Records contained in a dataset
▼

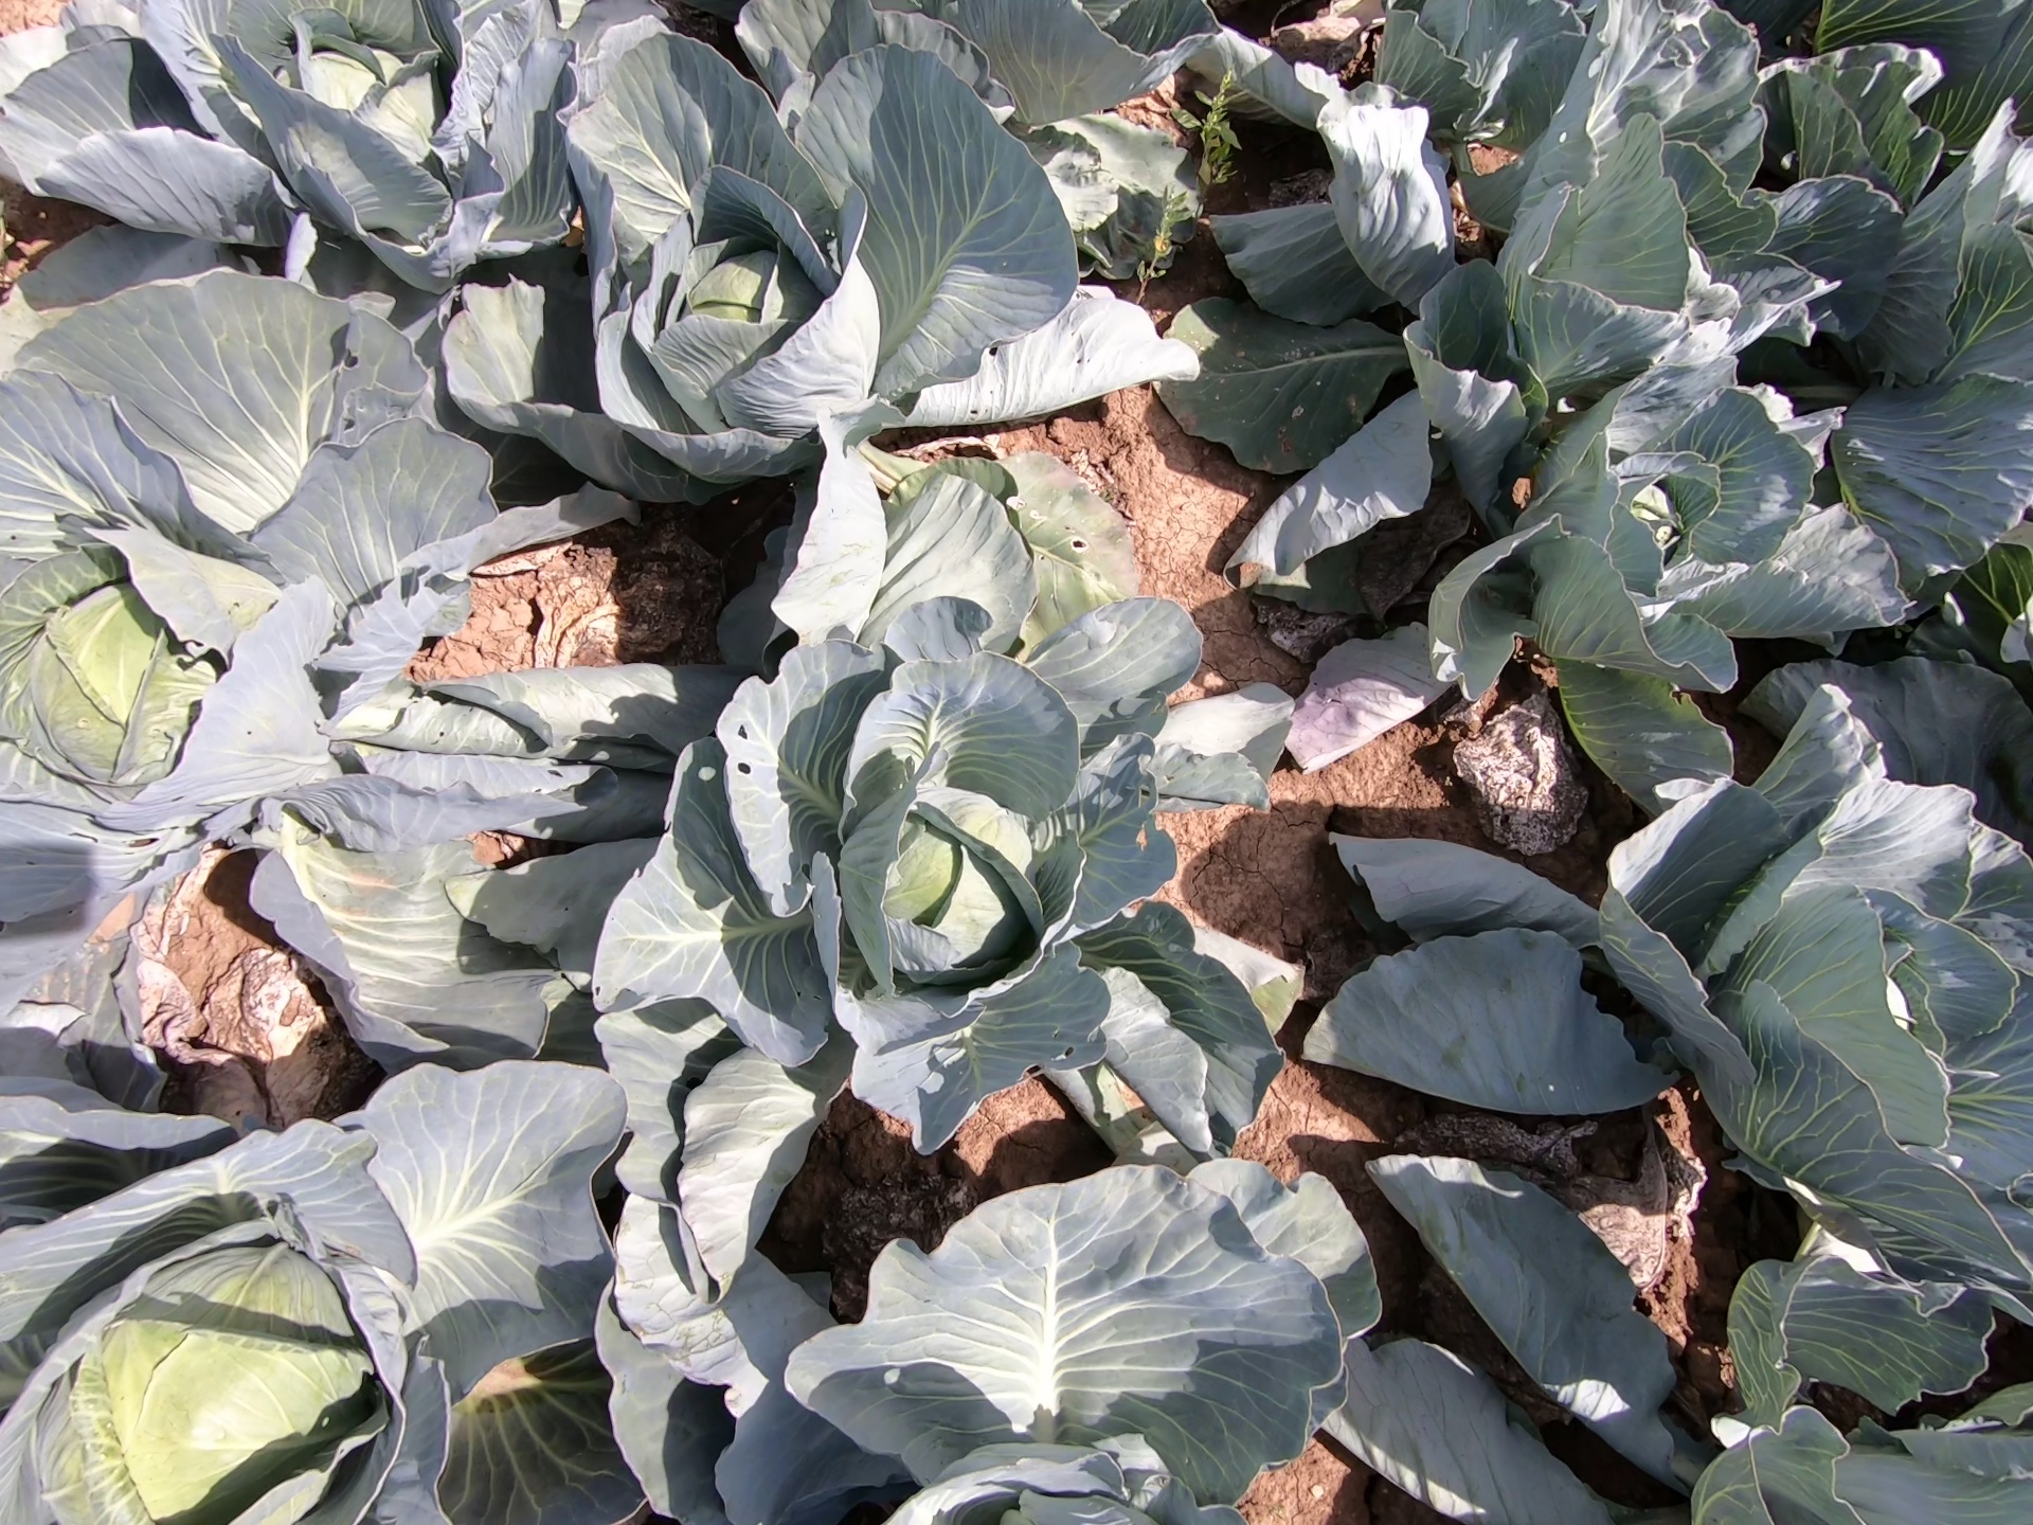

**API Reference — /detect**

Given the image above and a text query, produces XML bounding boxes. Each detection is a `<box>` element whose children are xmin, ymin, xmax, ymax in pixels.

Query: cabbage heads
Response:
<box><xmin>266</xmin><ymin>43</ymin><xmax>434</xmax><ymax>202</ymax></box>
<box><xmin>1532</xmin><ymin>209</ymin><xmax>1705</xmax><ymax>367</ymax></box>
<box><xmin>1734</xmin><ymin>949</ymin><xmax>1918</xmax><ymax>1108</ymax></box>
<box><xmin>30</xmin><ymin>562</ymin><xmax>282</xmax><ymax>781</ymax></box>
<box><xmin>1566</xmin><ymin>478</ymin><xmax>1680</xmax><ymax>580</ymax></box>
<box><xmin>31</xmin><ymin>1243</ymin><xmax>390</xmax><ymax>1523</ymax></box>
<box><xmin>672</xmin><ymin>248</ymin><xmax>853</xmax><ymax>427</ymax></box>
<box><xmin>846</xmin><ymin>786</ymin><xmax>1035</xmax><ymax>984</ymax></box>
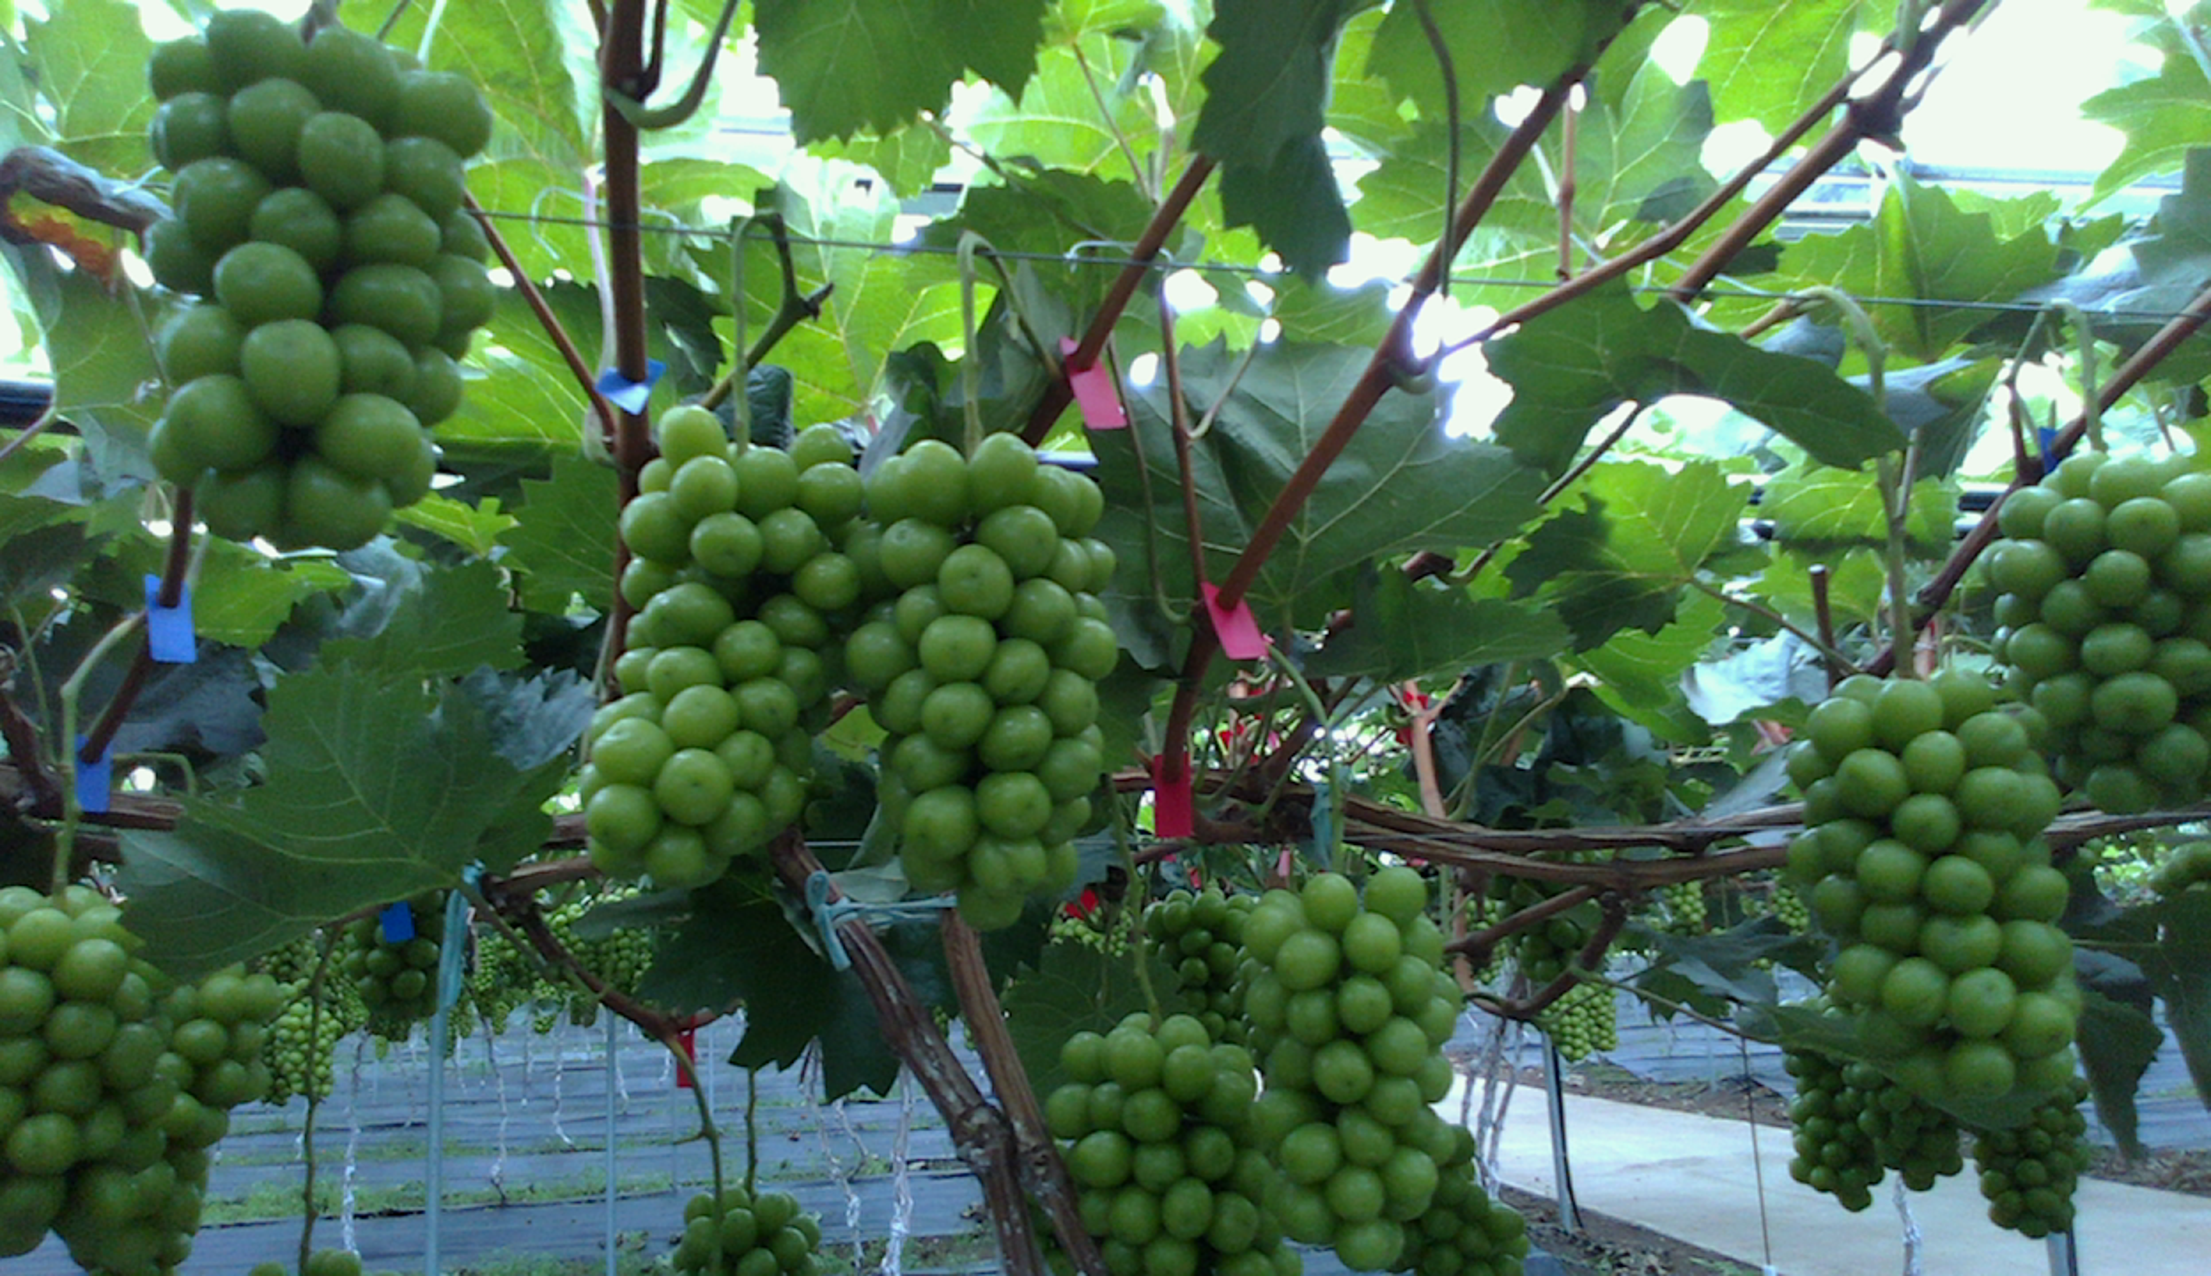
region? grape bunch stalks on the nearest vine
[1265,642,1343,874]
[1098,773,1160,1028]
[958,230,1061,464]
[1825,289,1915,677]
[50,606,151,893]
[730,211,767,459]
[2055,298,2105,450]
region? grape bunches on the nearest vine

▲

About this exercise:
Retype the records exactly. Any image in them should not appear in what you write.

Result below:
**API Reference — /detect**

Given the image above and a text query, produces XML bounding boxes. Each detection is a `<box>` element whose children are xmin, ymin, xmax, ymax in pixels.

Query: cabbage heads
Response:
<box><xmin>266</xmin><ymin>43</ymin><xmax>434</xmax><ymax>202</ymax></box>
<box><xmin>1532</xmin><ymin>209</ymin><xmax>1705</xmax><ymax>367</ymax></box>
<box><xmin>1734</xmin><ymin>949</ymin><xmax>1918</xmax><ymax>1108</ymax></box>
<box><xmin>30</xmin><ymin>562</ymin><xmax>282</xmax><ymax>781</ymax></box>
<box><xmin>1566</xmin><ymin>478</ymin><xmax>1680</xmax><ymax>580</ymax></box>
<box><xmin>31</xmin><ymin>1243</ymin><xmax>390</xmax><ymax>1523</ymax></box>
<box><xmin>672</xmin><ymin>248</ymin><xmax>853</xmax><ymax>427</ymax></box>
<box><xmin>846</xmin><ymin>786</ymin><xmax>1035</xmax><ymax>984</ymax></box>
region? grape bunch stalks on the nearest vine
[1265,642,1343,874]
[1098,773,1160,1028]
[958,230,1061,464]
[1825,289,1915,677]
[50,606,151,893]
[730,211,767,459]
[2055,298,2105,450]
region? grape bunches on the nearest vine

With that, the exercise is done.